Did you know that the tender, sweet stems of forced rhubarb actually squeak as they grow in the darkness? This is due to the rapid rate at which they grow, sometimes as much as an inch per day. All this squeaking, popping, and creaking makes for sweeter rhubarb, or at least that is what I'm told. Ryan's Rhubarb, a fourth-generation grower in Oldtown, Co Dublin, is the premier league of forced rhubarb growers in Ireland.
Last year we made sorbet, jam, tarts and pies with their rhubarb. We even made rhubarb and meadowsweet vinegar from the trimmings. Rhubarb vinegar is great with roasted white fish, such as monkfish or cod.

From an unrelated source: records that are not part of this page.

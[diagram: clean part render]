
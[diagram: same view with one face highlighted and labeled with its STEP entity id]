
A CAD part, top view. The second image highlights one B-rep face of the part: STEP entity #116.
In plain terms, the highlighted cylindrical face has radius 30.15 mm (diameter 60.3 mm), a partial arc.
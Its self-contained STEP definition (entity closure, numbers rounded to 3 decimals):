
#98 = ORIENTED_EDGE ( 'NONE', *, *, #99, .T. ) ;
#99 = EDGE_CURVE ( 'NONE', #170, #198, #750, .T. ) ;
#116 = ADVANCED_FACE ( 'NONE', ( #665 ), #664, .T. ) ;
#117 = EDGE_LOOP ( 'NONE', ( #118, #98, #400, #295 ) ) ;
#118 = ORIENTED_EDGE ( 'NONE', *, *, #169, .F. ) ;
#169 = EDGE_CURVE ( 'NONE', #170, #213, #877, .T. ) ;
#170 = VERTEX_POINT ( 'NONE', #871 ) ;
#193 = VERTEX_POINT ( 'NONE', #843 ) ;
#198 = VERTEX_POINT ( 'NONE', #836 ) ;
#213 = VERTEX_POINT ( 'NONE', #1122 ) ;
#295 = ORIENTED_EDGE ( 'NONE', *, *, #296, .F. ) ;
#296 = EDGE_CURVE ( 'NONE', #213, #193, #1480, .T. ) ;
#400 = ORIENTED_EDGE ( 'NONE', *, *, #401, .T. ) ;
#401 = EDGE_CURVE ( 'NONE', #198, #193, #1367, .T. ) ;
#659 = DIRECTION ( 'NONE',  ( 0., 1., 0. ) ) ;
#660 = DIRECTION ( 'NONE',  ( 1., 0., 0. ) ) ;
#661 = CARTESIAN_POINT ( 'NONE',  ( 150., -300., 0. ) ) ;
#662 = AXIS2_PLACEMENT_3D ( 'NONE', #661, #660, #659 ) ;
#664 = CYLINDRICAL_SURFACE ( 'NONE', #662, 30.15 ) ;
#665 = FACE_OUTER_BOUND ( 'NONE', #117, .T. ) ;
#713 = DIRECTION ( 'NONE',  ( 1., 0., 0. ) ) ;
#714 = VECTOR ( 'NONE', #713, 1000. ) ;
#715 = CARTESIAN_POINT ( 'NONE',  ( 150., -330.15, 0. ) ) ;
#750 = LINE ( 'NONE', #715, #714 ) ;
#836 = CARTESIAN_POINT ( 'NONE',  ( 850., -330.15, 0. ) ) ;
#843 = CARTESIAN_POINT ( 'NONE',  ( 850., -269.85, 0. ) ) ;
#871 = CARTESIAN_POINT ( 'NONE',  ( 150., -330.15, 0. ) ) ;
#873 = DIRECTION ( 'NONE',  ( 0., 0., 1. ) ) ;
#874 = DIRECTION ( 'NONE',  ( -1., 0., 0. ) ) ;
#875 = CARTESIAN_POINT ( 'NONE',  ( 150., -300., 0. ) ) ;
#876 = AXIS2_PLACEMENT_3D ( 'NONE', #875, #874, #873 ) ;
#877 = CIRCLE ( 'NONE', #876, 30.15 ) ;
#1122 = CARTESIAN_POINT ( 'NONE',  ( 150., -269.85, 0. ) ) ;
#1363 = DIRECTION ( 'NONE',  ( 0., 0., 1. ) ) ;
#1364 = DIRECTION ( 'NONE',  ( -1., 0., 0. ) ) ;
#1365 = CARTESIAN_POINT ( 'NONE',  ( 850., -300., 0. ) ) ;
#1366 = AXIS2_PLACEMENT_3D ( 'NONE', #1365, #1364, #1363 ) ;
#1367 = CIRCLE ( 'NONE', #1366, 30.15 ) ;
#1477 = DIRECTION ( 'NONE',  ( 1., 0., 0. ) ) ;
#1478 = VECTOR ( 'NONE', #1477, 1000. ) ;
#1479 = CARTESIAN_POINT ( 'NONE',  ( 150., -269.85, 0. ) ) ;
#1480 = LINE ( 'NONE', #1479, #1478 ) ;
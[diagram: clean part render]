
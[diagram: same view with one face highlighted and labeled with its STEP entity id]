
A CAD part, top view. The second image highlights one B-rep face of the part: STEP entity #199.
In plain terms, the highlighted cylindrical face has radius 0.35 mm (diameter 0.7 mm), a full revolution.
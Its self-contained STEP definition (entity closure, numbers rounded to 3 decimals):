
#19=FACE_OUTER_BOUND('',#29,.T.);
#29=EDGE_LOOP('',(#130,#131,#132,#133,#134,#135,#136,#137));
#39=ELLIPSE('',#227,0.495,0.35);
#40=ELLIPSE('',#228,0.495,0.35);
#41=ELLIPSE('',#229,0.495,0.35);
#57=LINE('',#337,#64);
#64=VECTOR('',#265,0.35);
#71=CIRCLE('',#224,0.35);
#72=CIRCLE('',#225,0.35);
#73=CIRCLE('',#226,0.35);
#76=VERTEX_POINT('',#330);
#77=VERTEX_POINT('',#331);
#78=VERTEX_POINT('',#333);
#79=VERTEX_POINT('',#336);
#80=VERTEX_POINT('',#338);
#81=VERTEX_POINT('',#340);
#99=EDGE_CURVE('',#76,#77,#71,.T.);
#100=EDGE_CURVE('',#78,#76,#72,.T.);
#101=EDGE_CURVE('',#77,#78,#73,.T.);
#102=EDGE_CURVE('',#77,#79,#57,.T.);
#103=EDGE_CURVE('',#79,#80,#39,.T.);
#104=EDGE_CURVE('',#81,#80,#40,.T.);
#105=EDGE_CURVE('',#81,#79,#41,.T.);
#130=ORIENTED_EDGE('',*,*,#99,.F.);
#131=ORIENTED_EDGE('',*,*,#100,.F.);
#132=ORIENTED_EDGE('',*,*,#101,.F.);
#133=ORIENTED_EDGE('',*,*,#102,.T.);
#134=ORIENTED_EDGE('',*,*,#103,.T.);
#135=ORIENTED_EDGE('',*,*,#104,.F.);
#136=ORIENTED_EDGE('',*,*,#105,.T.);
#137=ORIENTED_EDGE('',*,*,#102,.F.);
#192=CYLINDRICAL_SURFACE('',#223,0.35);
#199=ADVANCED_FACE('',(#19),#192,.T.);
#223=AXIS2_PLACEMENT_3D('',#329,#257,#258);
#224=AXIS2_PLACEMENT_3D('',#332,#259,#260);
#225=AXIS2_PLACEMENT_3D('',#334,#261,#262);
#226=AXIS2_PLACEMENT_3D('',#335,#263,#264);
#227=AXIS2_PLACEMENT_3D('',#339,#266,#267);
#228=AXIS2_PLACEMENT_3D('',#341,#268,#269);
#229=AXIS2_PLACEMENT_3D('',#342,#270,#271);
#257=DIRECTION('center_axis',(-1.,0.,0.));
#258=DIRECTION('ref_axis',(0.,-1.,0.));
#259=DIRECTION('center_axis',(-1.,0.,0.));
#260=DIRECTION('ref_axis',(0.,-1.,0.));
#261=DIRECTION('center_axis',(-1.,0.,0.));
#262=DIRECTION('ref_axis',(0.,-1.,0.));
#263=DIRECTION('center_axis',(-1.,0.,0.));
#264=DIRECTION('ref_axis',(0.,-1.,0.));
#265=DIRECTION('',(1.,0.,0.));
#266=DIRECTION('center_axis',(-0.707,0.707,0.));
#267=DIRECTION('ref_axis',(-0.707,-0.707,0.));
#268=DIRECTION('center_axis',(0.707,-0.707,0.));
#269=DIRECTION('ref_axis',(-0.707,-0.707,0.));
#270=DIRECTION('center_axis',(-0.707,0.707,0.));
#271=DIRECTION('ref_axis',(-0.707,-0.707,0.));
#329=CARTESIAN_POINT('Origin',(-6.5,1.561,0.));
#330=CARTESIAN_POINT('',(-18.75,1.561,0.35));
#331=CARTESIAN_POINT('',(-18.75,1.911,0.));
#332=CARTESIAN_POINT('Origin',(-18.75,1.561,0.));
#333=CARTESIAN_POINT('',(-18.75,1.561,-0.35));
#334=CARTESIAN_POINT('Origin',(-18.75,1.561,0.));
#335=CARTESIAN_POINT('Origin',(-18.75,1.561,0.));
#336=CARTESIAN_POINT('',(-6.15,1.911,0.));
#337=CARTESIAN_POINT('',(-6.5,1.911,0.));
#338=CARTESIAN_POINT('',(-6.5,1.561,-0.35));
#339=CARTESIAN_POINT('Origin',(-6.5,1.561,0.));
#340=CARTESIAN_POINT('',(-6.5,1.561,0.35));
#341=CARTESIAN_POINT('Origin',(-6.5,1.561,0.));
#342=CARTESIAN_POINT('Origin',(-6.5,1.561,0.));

To make rhubarb vinegar, take your rhubarb trimmings (not the leaves) and cover with 200ml of white white vinegar. Add 100ml of water and 50g of sugar. At this stage you can add any other flavour you would like present in the vinegar, either seaweed (dillisk), dried wild herb (meadowsweet), fresh herb (dill) or spice (juniper or star anise). Bring to the boil and simmer until the rhubarb is soft. Pour into a suitable container and allow to cool. Leave to macerate for four to five days and then strain. Keep the vinegar in a cool, dark place or in your fridge. Use instead of lemon juice when seasoning fish or to increase the acidity of a dish.
To make rhubarb sorbet
To my mind, rhubarb pairs perfectly well with dillisk, but by all means leave it out and add another flavouring (from vanilla to ginger). For the sorbet, place 500g of chopped rhubarb in a pot with 250ml of water and 125g of sugar. I like to add a teaspoon of carrageenan (dried seaweed) as it acts as a stabiliser. You can use two gelatine leaves if you can’t source any.
To this mix, add two teaspoons of dillisk. Bring to the boil and simmer until the rhubarb is soft. Blend and then strain. Freeze in an ice-cream machine or alternatively place in the freezer and whisk every 30 minutes until the mixture is frozen. Remove from the freezer 30 minutes before serving.